Overview of this book

Data is coming at us faster, dirtier, and at an ever increasing rate. The necessity to handle many, complex statistical analysis projects is hitting statisticians and analysts across the globe. This book will show you how to deal with it like never before, thus providing an edge and improving productivity. "Learning RStudio for R Statistical Computing" will teach you how to quickly and efficiently create and manage statistical analysis projects, import data, develop R scripts, and generate reports and graphics. R developers will learn about package development, coding principles, and version control with RStudio. This book will help you to learn and understand RStudio features to effectively perform statistical analysis and reporting, code editing, and R development. The book starts with a quick introduction where you will learn to load data, perform simple analysis, plot a graph, and generate automatic reports. You will then be able to explore the available features for effective coding, graphical analysis, R project management, report generation, and even project management. "Learning RStudio for R Statistical Computing" is stuffed with feature-rich and easy-to-understand examples, through step-by-step instructions helping you to quickly master the most popular IDE for R development.
Table of Contents (13 chapters)

Overview: A first R session


Now we have R and Rstudio installed we can start our first R session from within RStudio. It is a good practice to use an RStudio project for all your data analysis with R, for reasons we will encounter later in this book.

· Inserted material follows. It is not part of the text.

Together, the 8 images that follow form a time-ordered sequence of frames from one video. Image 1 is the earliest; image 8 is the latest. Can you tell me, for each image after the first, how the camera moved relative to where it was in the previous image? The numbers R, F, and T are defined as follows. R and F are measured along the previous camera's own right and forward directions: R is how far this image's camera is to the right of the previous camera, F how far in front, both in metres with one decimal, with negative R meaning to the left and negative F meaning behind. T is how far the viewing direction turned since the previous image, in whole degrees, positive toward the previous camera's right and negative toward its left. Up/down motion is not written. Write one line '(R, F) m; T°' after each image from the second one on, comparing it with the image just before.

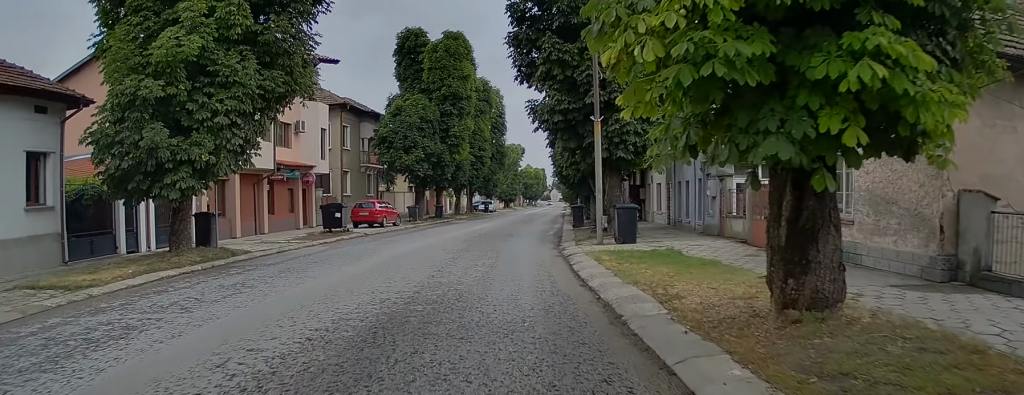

We create an R project using the menu Project | New Project. Choose New Directory and name the project file Abalone.

Note

In this session, we download and manipulate the abalone file. This file will be used in examples throughout the book.

Abalones are a very common type of edible sea snail (sometimes called sea ear) occurring in waters around the world. The data in the file used in this book was compiled and published by Warwick J. Nash, Tracy L. Sellers, Simon R. Talbot, Andrew J. Cawthorn, and Wes B. Ford in 1994 [Sea fisheries division Technical Report No. 48 (ISSN 1034-3288)]. It was generously donated to the UCI machine learning repository in 1995.

If you are a beginner in R programming, the RStudio menus facilitate many R commands. When you click on a menu item, RStudio generates and executes the corresponding R commands in the console window. It is a good (and a reproducible!) practice to put your R code in script files as much as possible; but for now we will use some menu commands.

Select Workspace | Import DataSet | From Web URL.

RStudio (and R) can import text files from the disk and over the Internet as well, as shown in the following example:

Type (or paste) the following URL: http://archive.ics.uci.edu/ml/machine-learning-databases/abalone/abalone.data.

RStudio downloads the file and shows the Import Dataset dialog:

The top left-hand side shows the name (abalone) of the resulting data.frame. On the bottom left-hand side are the settings for reading the data file that RStudio deduced from the data file. You can alter these; however, in this example they are fine. On the top right-hand side RStudio shows the first 25 lines of the data file. On the bottom right-hand side it shows the first 25 records of the resulting data.frame. Click on the Import button.

RStudio imports the data and creates a data.frame with the name abalone using the R command read.table and the options that you have set in the Import DataSet dialog. Also, it automatically runs View(abalone), which shows the data we just imported. Notice that the Workspace panel on the right-hand side now contains the variable abalone. Also, notice that the column names of the data are missing, so we need to add them.

In the console panel we type the following:

names(abalone) <- c("Sex","Length","Diameter","Height","Whole weight"
                    ,"Shucked weight","Viscera weight","Shell weight"
                    ,"Rings")
write.csv(abalone, "abalone.csv", row.names=FALSE)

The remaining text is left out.